Of course, we hope buffer is enough, it could avoid spill any data to local disk.
Note: Checkpoint will be blocked if checkpoint is triggered in phase1, but we have to wait for all filtered buffers to snapshot.
Phase 2: Disk-Only Cleanup Loop
This phase begins only after all data from S3 has been processed.
State Transition: When the system determines S3 is empty, it means ready for Checkpoint. (All of network buffers and local disk buffers should be uploaded during checkpoint)
Focused Cleanup: The thread now enters a simpler, self-contained loop.
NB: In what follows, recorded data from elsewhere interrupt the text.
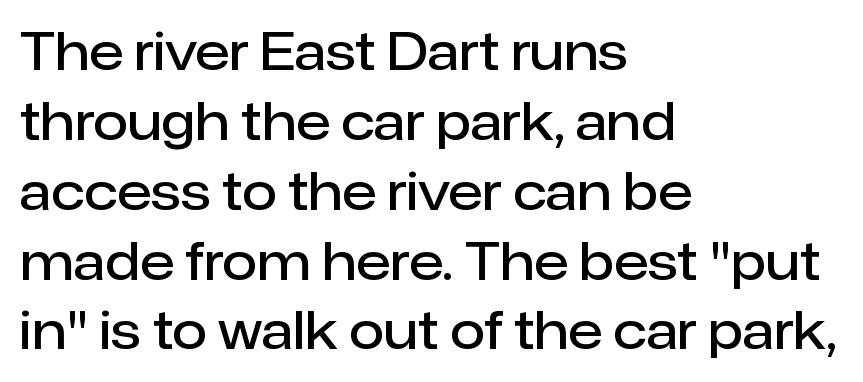
Each row of text sits above clean, open space. Weight: semibold (demi). A sans-serif font was chosen for this passage. Notice how descenders clear the ascenders below comfortably — that's standard leading.
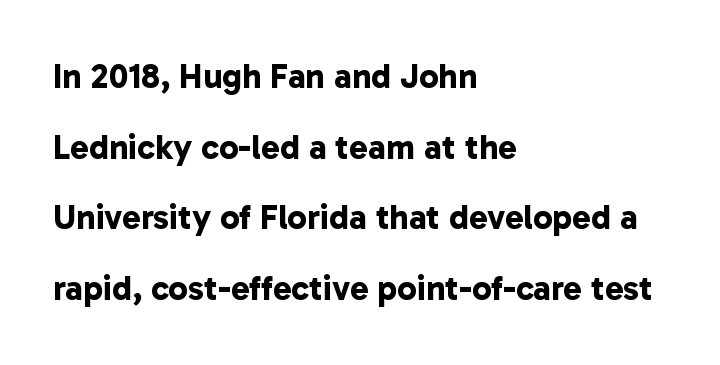
{"serif": "no", "bold": "yes", "weight": "bold", "width": "normal", "stroke_contrast": "low", "x_height": "medium", "monospaced": "no", "underline": "no", "align": "left", "line_spacing": "loose", "line_spacing_ratio": 2.02, "letter_spacing": "normal", "letter_spacing_em": 0.0, "glyph_px": 35}
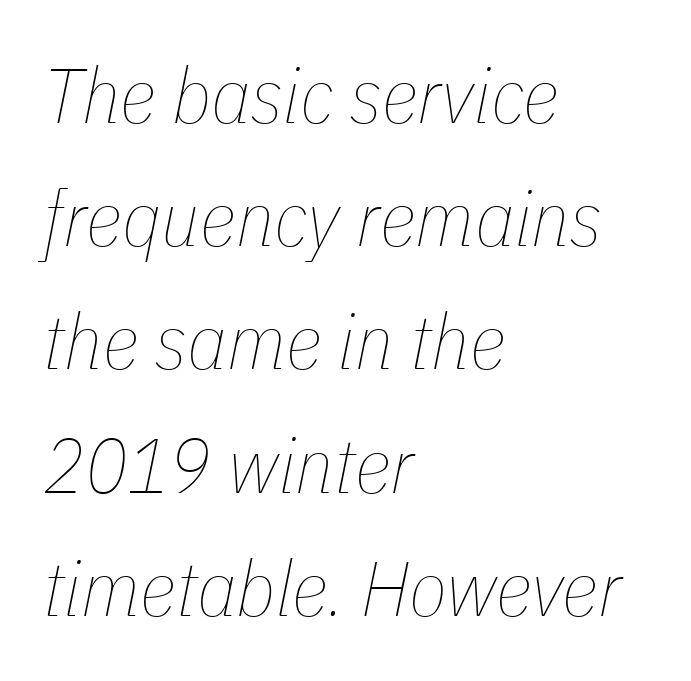
{"italic": "yes", "lean": "right", "slant_degrees": 11, "bold": "no", "weight": "thin", "width": "condensed", "stroke_contrast": "low", "x_height": "medium", "monospaced": "no", "underline": "no", "align": "left", "line_spacing": "normal", "line_spacing_ratio": 1.58, "letter_spacing": "normal", "letter_spacing_em": 0.0, "glyph_px": 78}
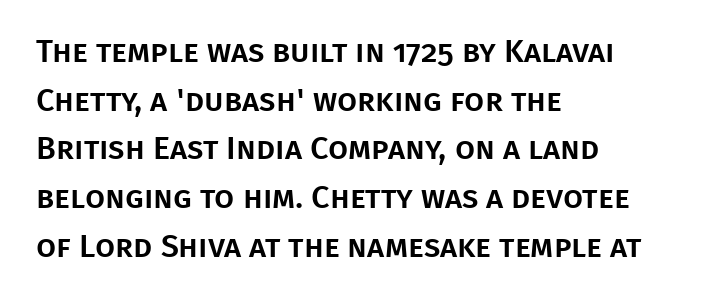
Q: Is the text italic (slanted)? A: No, it is upright.
Q: Is the typeface a serif or a sans-serif typeface? A: Sans-serif.
Q: Is the text underlined? A: No.
Q: How is the paragraph aligned? A: Left-aligned.
Q: Is the spacing between letters normal or unusually wide? A: Normal.
Q: Is the spacing between lines tight, normal or loose? A: Normal.
Q: Width (condensed, normal, or wide)? A: Normal.
Q: Stroke contrast? A: Low.
Q: x-height? A: Large.
Q: Monospaced? A: No.
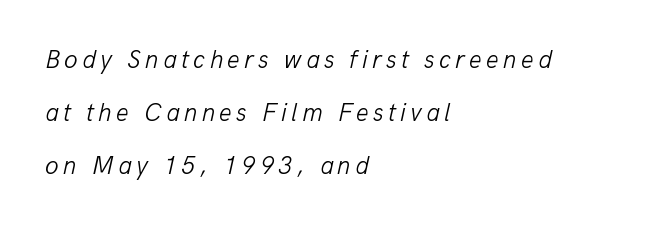
Q: Is the text bold? A: No.
Q: Is the text italic (slanted)? A: Yes, it leans right by about 13 degrees.
Q: Is the text underlined? A: No.
Q: How is the paragraph aligned? A: Left-aligned.
Q: Is the spacing between lines tight, normal or loose? A: Loose.

Its only remaining task is to clear the disk cache.
In this phase, it uses a blocking request to get a buffer. The thread will wait indefinitely because there are no other tasks to perform. Once a buffer is acquired, it executes P3 and continues this loop until the disk is empty.
4.5.3 How does filter logic works
The filter logic need to be handled via Virtual Channel, and filtered buffers can be handled by real InputChannel directly(even all filtered buffers could be always added to InputChannel 0 if no risk)
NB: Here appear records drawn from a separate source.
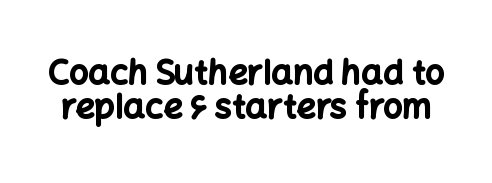
Q: Is the text bold? A: Yes.
Q: Is the text italic (slanted)? A: No, it is upright.
Q: Is the typeface a serif or a sans-serif typeface? A: Sans-serif.
Q: Is the text underlined? A: No.
Q: Is the spacing between letters normal or unusually wide? A: Normal.
Q: Is the spacing between lines tight, normal or loose? A: Tight.
Q: Width (condensed, normal, or wide)? A: Normal.
Q: Stroke contrast? A: Low.
Q: x-height? A: Medium.
Q: Monospaced? A: No.
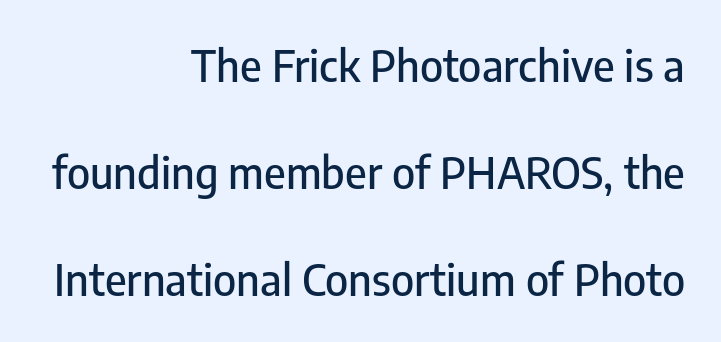
The image shows 44 px condensed sans-serif type, upright; set right-aligned, loose line spacing (2.43x), normal letter spacing, not underlined; low stroke contrast and a medium x-height.
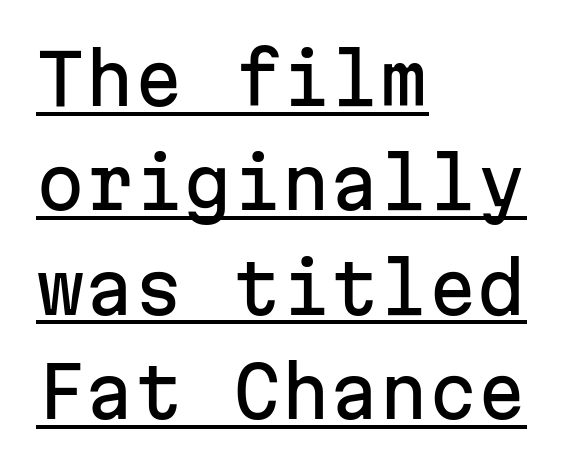
The image shows 70 px sans-serif type, upright, monospaced; set left-aligned, normal line spacing (1.49x), normal letter spacing, underlined; low stroke contrast and a medium x-height.

When buffer is sufficient, the filter logic could use NetworkBuffer, otherwise, we could implement a FileBasedBuffer. Read ChannelState from S3 to local FileBasedBuffer, and then filter.
Note: buffer is insufficient means Task thread is slow to process data, so the FileBasedBuffer performance is acceptable.
4.6 Block and unblock upstream task
It is necessary to ensure that newly generated buffers are consumed after recovered buffers, so the upstream task is blocked in the beginning(It is similar with back pressure mechanism). Unblock the upstream task until all input buffers and output buffers on downstream task are put into InputChannel.
Note: The newly generated buffers do not need to filter, they can be put to InputChannel directly. All buffers in InputChannel can be handled as normal buffers (including data processing and checkpointing).
5. Compatibility, Deprecation, and Migration Plan
It is nothing in this part.
6. Test Plan
In addition to unit testing, we need to introduce new ITCase or improve existing ITCase to verify the correctness of the data. Especially, when multiple scales happen.
7. Rejected Alternatives
Incremental checkpoint for channel state approach is rejected due to the complexity of the implementation, which involves offset management, reference counting, and metadata consistency. Get more from sub-document: Rejected Alternatives: Incremental checkpoint for channel state.